A draft of the legislation obtained by The Associated Press shows the limit on "first fills"  could require patients with chronic pain to see their physicians much more frequently. Ducey wants to limit the first prescription for "opioid-naive" patients to a five-day supply and 14 days for post-surgery patients. The draft bill says that limit would be triggered if a patient hasn't received a prescription in 60 days.

That means chronic pain patients would have to see their doctors every month or six weeks, rather than every three months as is common now, to maintain their long-term supply of pain relief drugs. That could boost their costs.

Corieri said that's not the intent of the legislation, and promised the final version would reflect that its goal is not to limit longer-term prescriptions for chronic pain patients.

"The intent is if you have had a script that covered any part of that past 60 days that you would not be subjected to that," Corieri said.

Chris said the goal is to avoid future addictions and she promised the final legislation would make that clear.

"If there is no opioid dispensed, taken, with the last 60 days, you want to make sure you're doing everything you can to avoid their risk of becoming depending or needing long-term risk of opioids," Christ said. "For those on long-term use, this is not designed to impact them."

The Republican governor has said he wants to protect people with chronic pain while trying to cut the number of new addictions. He declared an opioid emergency in June and the state Health Services Department put in place real-time overdose reporting rules. Between June 15 and Dec. 28, 2017, the department tracked more than 4,900 suspected overdoses and 716 suspected deaths.

Other details contained in the plan outlined Friday include a requirement that doctors use electronic prescriptions to cut down on forgeries, criminal penalties for manufacturers who fraudulently market their products and a ban on doctors, dentists, physician assistants and other prescribers from dispensing the drugs in their offices.

The law would also require all doctors who prescribe narcotics to take three hours of continuing training on opioids every other year. That would be included in their required 40 hours of training.

The bill also includes a "good Samaritan" provision that bars prosecution of someone who seeks help for an overdose victim if they're discovered with drugs as a result. Similarly, an overdose victim can't be prosecuted for drug possession when they call for help.

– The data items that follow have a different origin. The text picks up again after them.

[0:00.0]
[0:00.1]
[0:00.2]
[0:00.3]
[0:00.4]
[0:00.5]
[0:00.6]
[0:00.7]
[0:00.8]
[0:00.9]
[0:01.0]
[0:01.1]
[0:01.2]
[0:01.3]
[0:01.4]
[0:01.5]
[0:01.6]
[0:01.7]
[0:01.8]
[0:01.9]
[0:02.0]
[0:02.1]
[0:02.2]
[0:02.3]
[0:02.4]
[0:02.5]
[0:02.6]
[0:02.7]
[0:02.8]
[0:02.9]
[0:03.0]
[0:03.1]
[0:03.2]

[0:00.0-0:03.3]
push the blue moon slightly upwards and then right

The limit on maximum doses is designed to prevent overdoses. The limit is expressed in morphine medical equivalents, and anyone getting more than 90 MME per day would have to meet certain criteria or be seen by pain specialists. Current patients would be exempt. Doctors would have to prescribe an opioid antidote along with the pain medications to those patients.

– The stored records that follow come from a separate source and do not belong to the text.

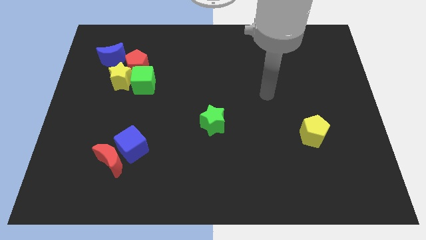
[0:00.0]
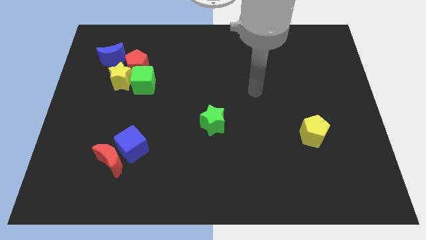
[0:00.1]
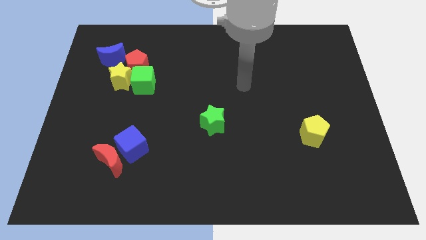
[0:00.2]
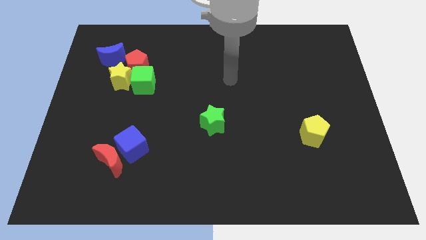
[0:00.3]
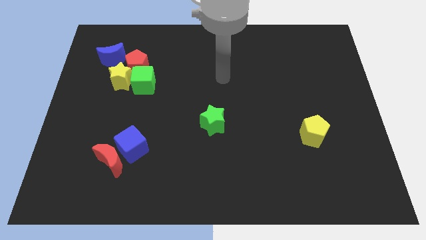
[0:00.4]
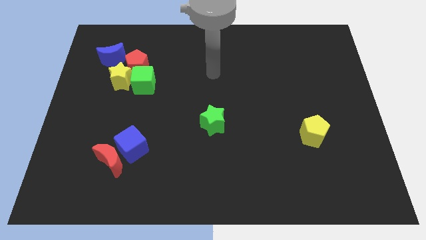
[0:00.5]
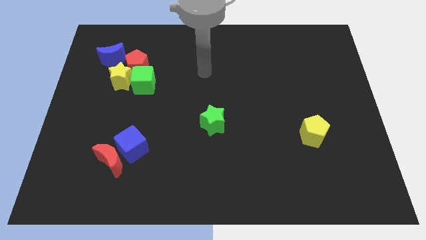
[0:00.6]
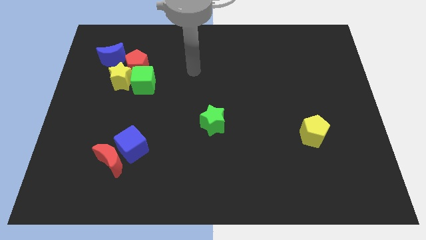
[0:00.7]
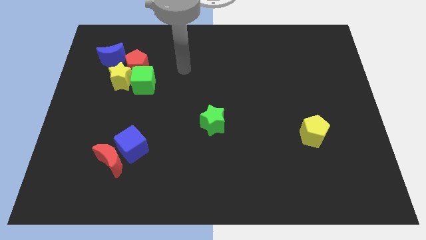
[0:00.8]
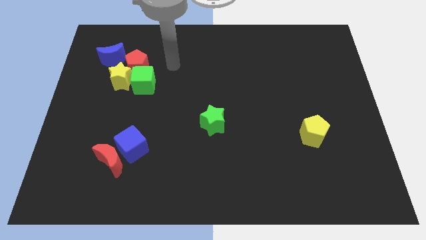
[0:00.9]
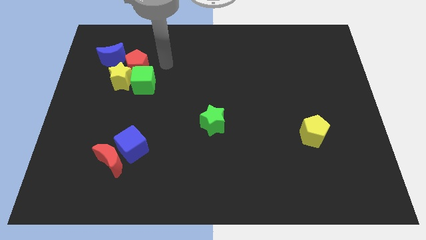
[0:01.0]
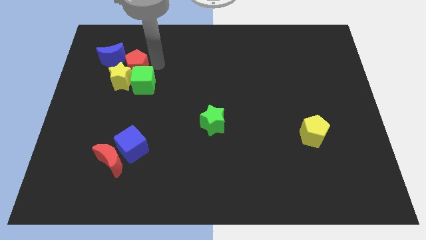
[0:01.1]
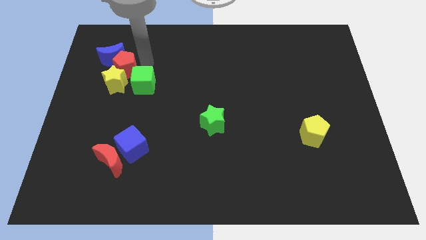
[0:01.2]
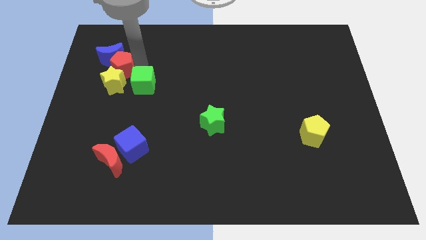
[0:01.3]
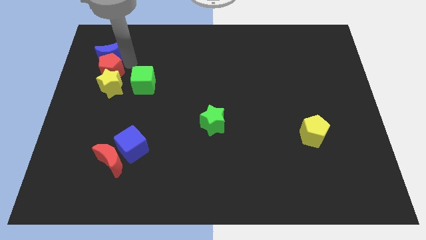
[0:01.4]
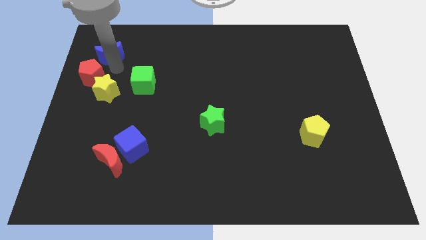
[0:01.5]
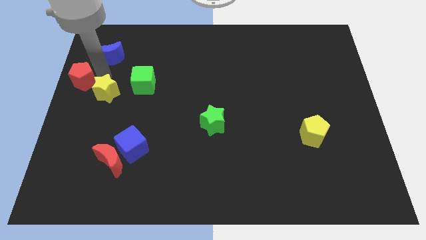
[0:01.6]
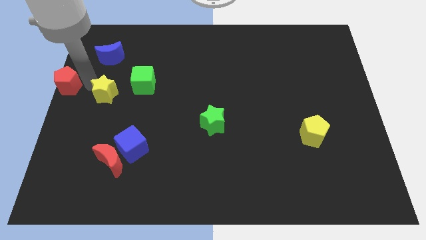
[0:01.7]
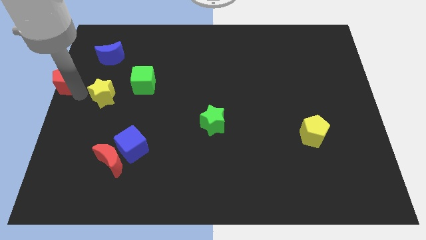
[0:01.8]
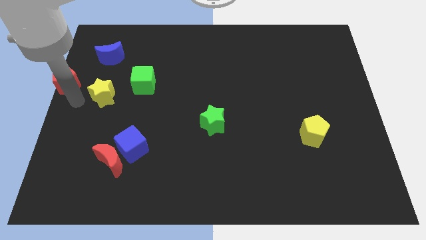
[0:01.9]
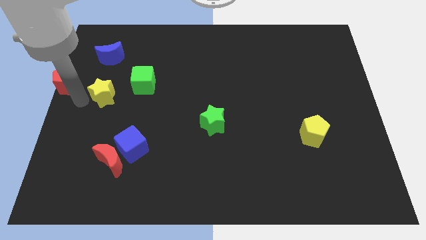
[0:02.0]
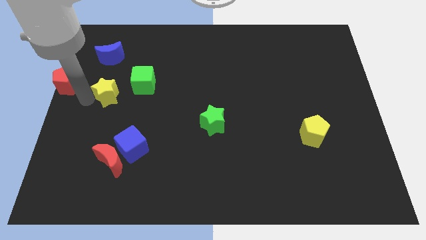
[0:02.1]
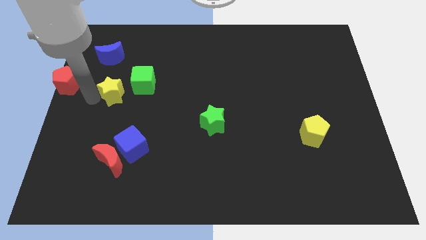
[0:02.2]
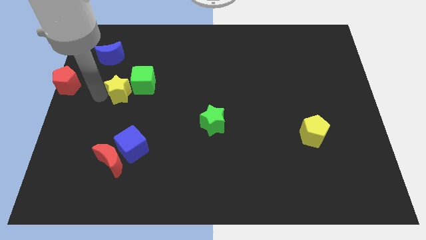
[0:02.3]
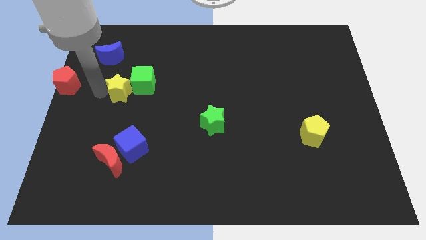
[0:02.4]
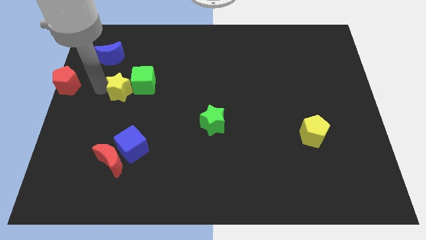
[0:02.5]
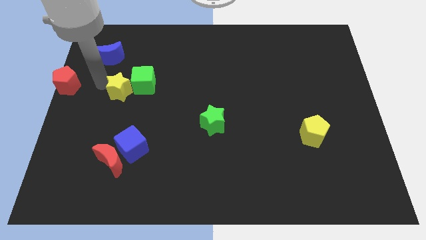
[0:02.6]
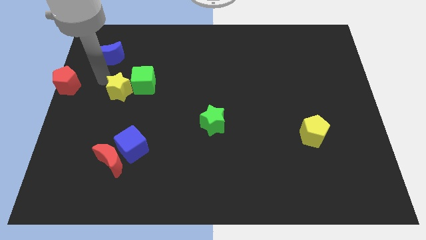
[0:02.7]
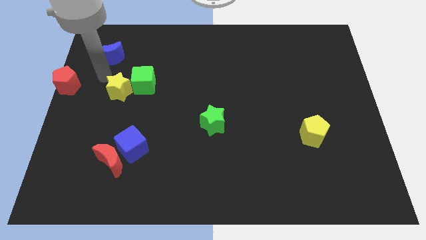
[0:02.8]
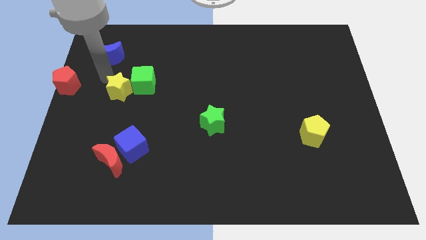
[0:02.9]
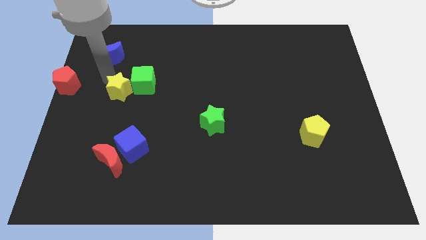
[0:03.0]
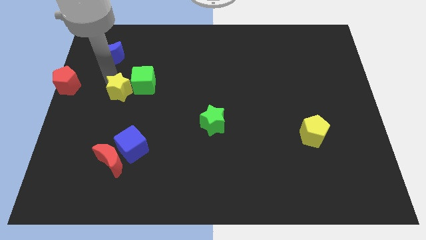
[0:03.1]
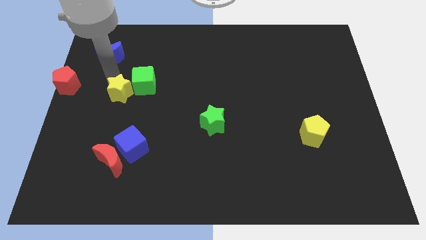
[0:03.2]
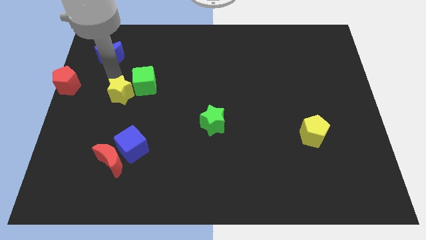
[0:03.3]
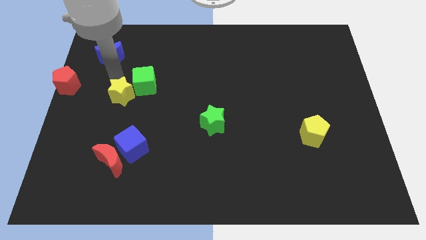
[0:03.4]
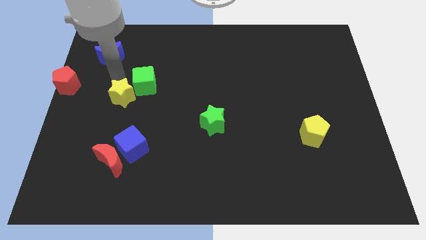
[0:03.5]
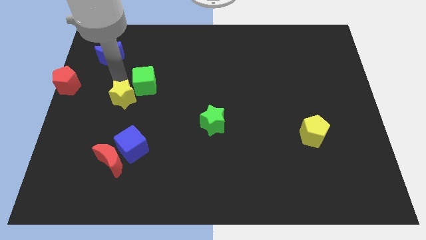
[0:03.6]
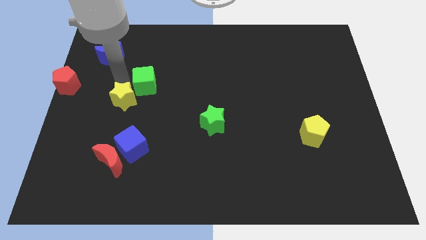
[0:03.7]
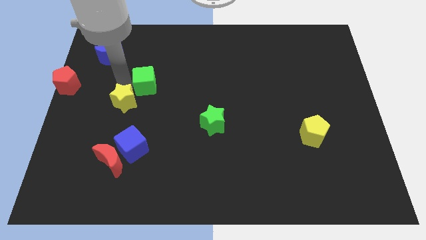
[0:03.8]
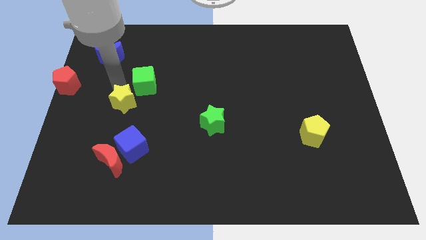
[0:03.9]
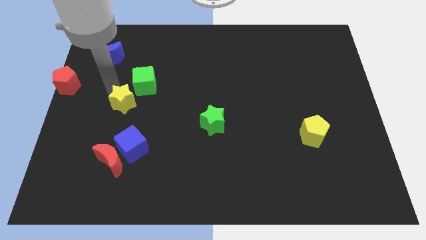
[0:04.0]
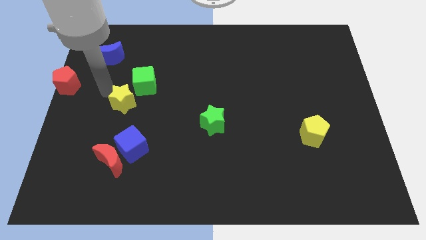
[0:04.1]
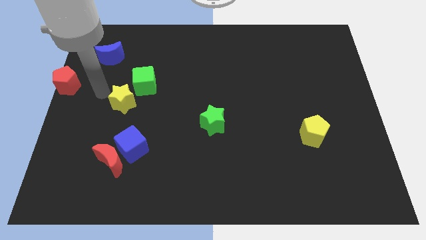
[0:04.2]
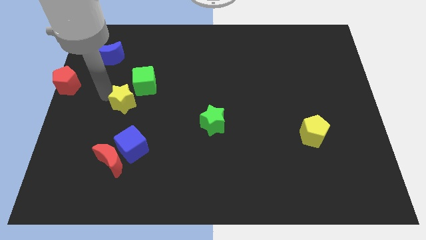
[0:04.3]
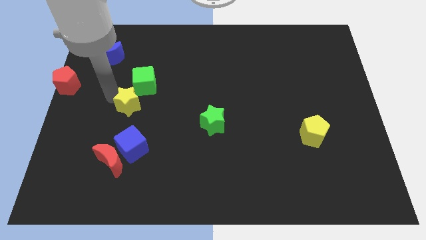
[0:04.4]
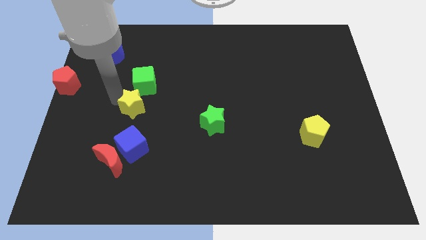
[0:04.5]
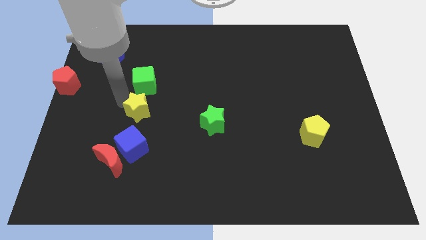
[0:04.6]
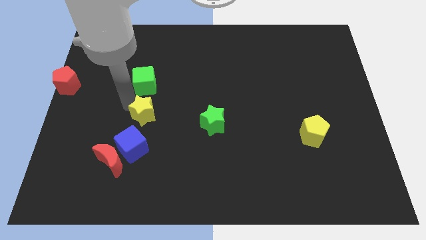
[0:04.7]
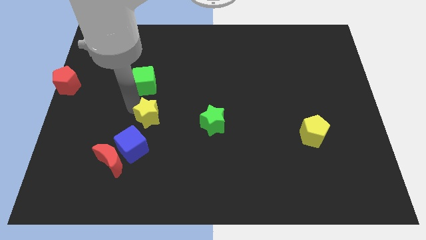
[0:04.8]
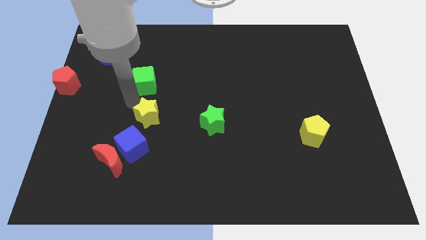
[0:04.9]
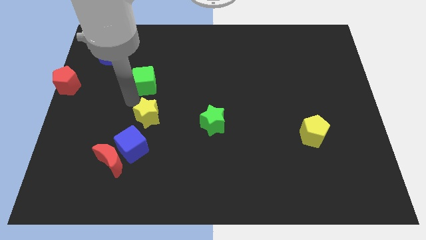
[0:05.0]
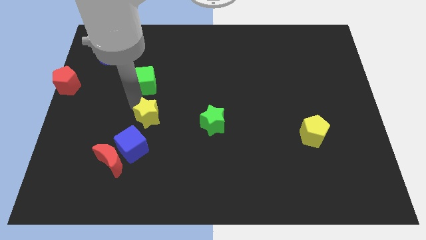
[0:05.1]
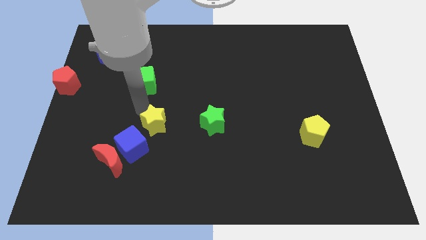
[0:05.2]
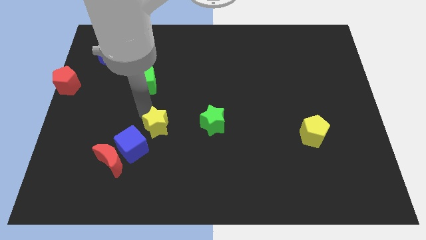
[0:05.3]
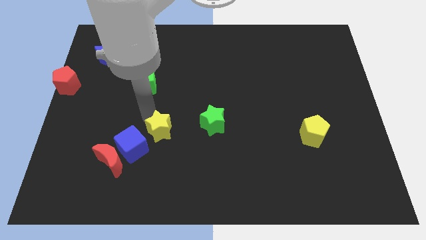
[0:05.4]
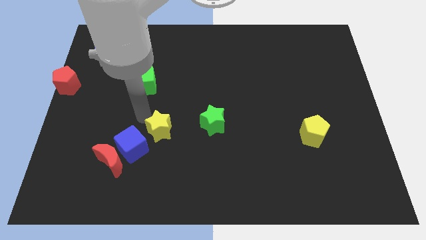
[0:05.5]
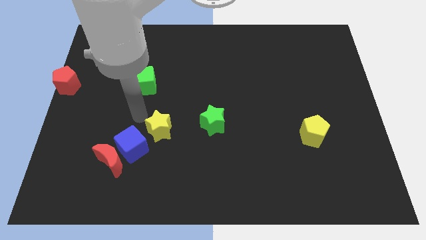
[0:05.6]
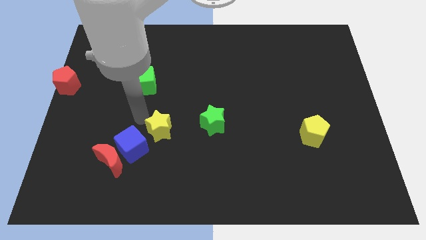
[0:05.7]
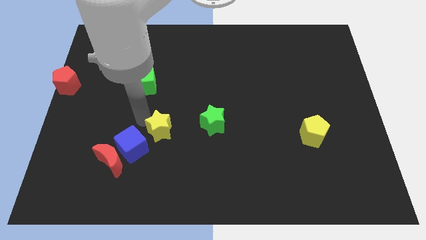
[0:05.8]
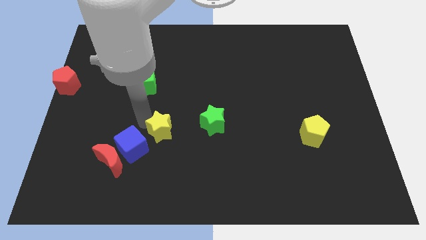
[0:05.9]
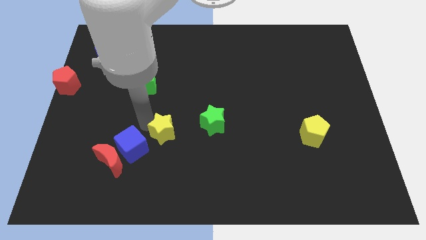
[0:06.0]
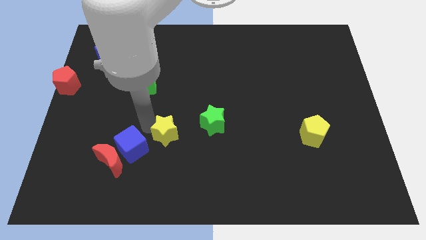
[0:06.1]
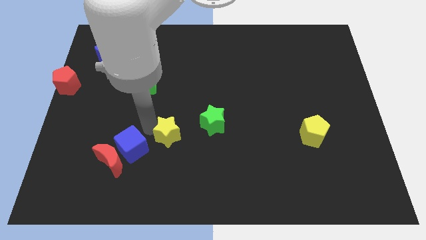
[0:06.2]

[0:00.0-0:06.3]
slide the yellow star downwards and to the right

Not included in the bill is a requirement to slowly decrease high dosages, a plan which was opposed by the associations representing medical and osteopathic doctors in the state. They sent a letter to the governor in December outlining objections to several provisions, especially any set maximum limit or required tapering off of dosages.

"Every patient is unique and there is no universally accepted threshold for what is acceptable for every situation," the letter said. "Some complex pain patients can be properly cared for and managed by appropriate providers with higher dosages that allow them to manage pain and be active members of society and our economy."

The governor's plan also adds $10 million in funding to pay for treatment for people who don't qualify for the state's Medicaid program. The state program spent $236 million on addiction treatment in the last budget year. It also provisions boosting treatment referrals for overdose victims and expands a program in Phoenix that helps people get treatment to all 15 counties.